Now, to solve your problem, instead of keeping F(n) as the number itself, keep it as a set of prime factors and exponent sizes. Then the function that calculates F(n) simply takes the two sets for F(n-1) and F(n-2), sums the exponents of the same prime factors in both sets (assuming zero for nonexistent ones) and additionally adds the set of prime factors and exponent sizes for the number i. This means that you need another simple1 function to find the prime factors of i.
Computing F(n) this way, you just need to apply the above formula (taken from Wikipedia) to the set and there's your value. Note also that F(n) can quickly get very large. This solution also avoids usage of big-num libraries (since no prime factor nor its exponent is likely to go beyond 4 billion2).
1 Of course this is not so simple for arbitrarily large i, otherwise we wouldn't have any form of security right now, but for your application it should be simple enough.
2 Well it might. If you happen to figure out a simple formula answering your question given any n, then large ns would also be possible in the test case, for which this algorithm is likely going to give a time limit exceeded.
That is a fun problem.
The F(n) grow extremely fast.
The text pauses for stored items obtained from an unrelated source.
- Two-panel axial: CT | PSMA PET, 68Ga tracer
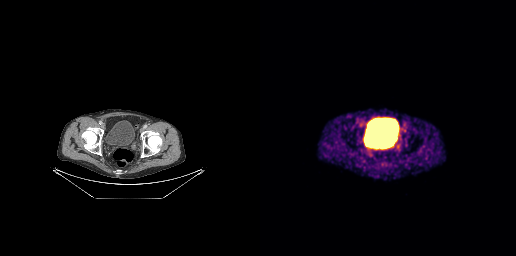
Findings: No PSMA-avid tumor lesions on this slice.
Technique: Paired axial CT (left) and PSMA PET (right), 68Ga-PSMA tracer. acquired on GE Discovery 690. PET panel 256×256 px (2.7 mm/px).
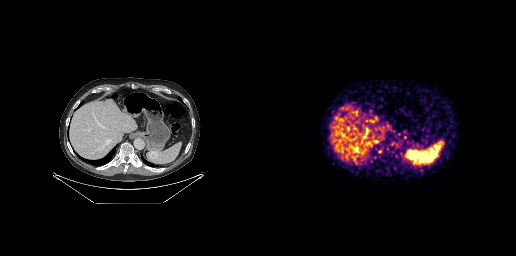
Findings: Coordinates are on the 256×256 PET (right) panel. PSMA-avid tumor lesion bounding box (x, y, width, height): x=148 y=150 w=10 h=10.
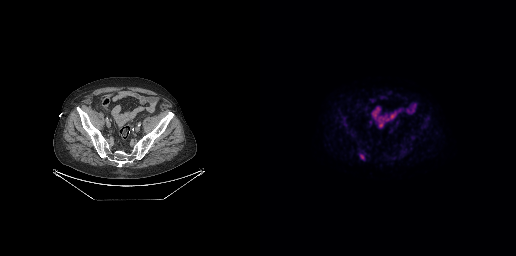
Coordinates are on the 256×256 PET (right) panel. Small PSMA-avid focus (2 to 4 px across) near (center x, center y): (102, 156).
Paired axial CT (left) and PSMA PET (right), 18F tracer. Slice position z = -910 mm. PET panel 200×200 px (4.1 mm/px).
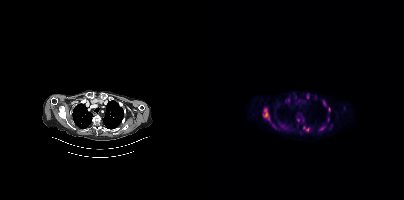
Coordinates are on the 200×200 PET (right) panel. PSMA-avid tumor lesion bounding boxes (partial; 1 more focus not listed):
| # | x0 | y0 | x1 | y1 |
|---|---|---|---|---|
| 1 | 59 | 108 | 65 | 120 |
| 2 | 99 | 126 | 105 | 131 |
| 3 | 115 | 126 | 121 | 131 |
| 4 | 81 | 99 | 85 | 102 |
| 5 | 123 | 117 | 125 | 121 |
| 6 | 103 | 94 | 104 | 98 |
| 7 | 119 | 100 | 121 | 104 |
Small PSMA-avid foci (2 to 4 px across) near (center x, center y): (94, 119); (125, 109).
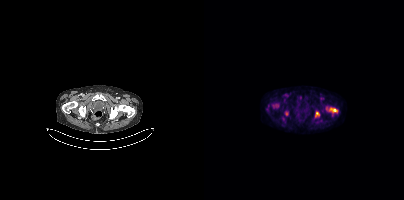
{"modality":"PSMA PET/CT","view":"axial","tracer":"18F","pet_grid":[200,200],"coord_frame":"pet_panel","coord_format":"x0,y0,x1,y1","lesion_bboxes":[[125,108,133,112],[111,112,115,116]],"small_foci_centers":[[82,113]]}
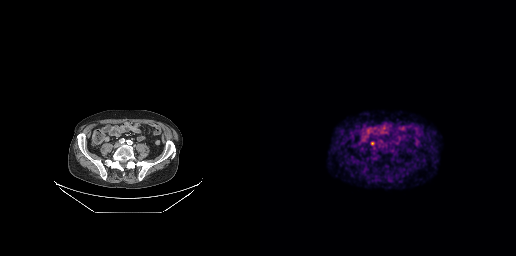
Two-panel axial: CT | PSMA PET, 68Ga tracer. PET panel 256×256 px (2.7 mm/px). Coordinates are on the 256×256 PET (right) panel. Small PSMA-avid focus (2 to 4 px across) near (center x, center y): (112, 143).
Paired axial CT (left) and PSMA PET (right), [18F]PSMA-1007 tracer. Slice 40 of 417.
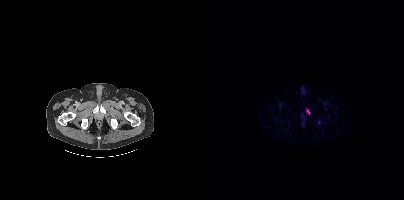
Coordinates are on the 200×200 PET (right) panel. PSMA-avid tumor lesion bounding boxes:
| # | x0 | y0 | x1 | y1 |
|---|---|---|---|---|
| 1 | 103 | 109 | 105 | 113 |
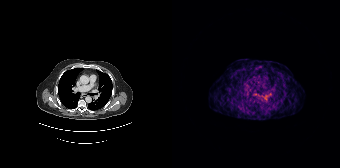
Two-panel axial: CT | PSMA PET, 68Ga-PSMA tracer. Acquired on Siemens Biograph 64-4R TruePoint. Slice 116 of 165. PET panel 168×168 px (4.1 mm/px). No PSMA-avid tumor lesions on this slice.
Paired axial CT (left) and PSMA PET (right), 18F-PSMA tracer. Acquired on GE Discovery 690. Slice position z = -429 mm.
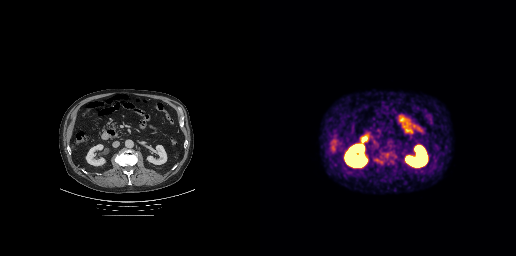
Coordinates are on the 256×256 PET (right) panel. PSMA-avid tumor lesion bounding box (x0,y0,x1,y1): [114,158,118,162].
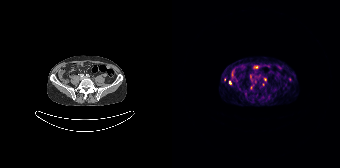
modality: PSMA PET/CT | tracer: 68Ga-PSMA | view: axial | PET grid: 168×168
Coordinates are on the 168×168 PET (right) panel. (showing 4 of 5 foci) Small PSMA-avid foci (2 to 4 px across) near (center x, center y): (79, 87); (52, 79); (57, 82); (91, 84).
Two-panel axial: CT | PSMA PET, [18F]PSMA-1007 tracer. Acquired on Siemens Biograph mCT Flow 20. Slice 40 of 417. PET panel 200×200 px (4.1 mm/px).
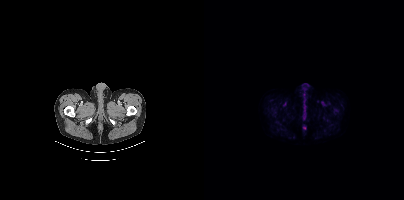
Negative for PSMA-avid disease on this slice.
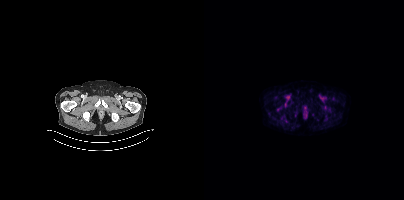
Coordinates are on the 200×200 PET (right) panel. (showing 2 of 3 foci) PSMA-avid tumor lesion bounding boxes (x0,y0,x1,y1): [80,101,82,107], [73,107,77,110].
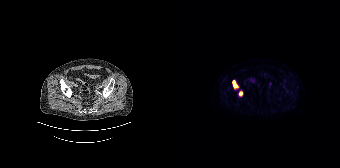
Coordinates are on the 168×168 PET (right) panel. PSMA-avid tumor lesion bounding boxes (x, y, width, height): x=60 y=80 w=7 h=10 / x=67 y=91 w=4 h=6.
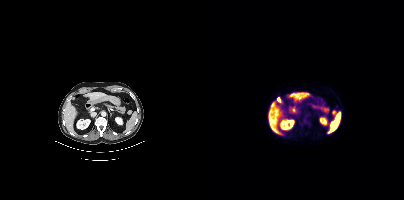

Since F(n) <= F(n+1) for all n, we have
F(n+2) > F(n)²
for all n, and thus
F(n) > 2^(2^(n/2-1))
for n > 2. That crude estimate already shows that one cannot store these numbers for any but the smallest n. By that F(100) requires more than (2^49) bits of storage, and 128 GB are only 2^40 bits. Actually, the prime factorisation of F(100) is
*Fiborial> fiborials !! 100
and that would require about 9.6 * 10^20 (roughly 2^70) bits - a little less than half of them are trailing zeros, but even storing the numbers à la floating point numbers with a significand and an exponent doesn't bring the required storage down far enough.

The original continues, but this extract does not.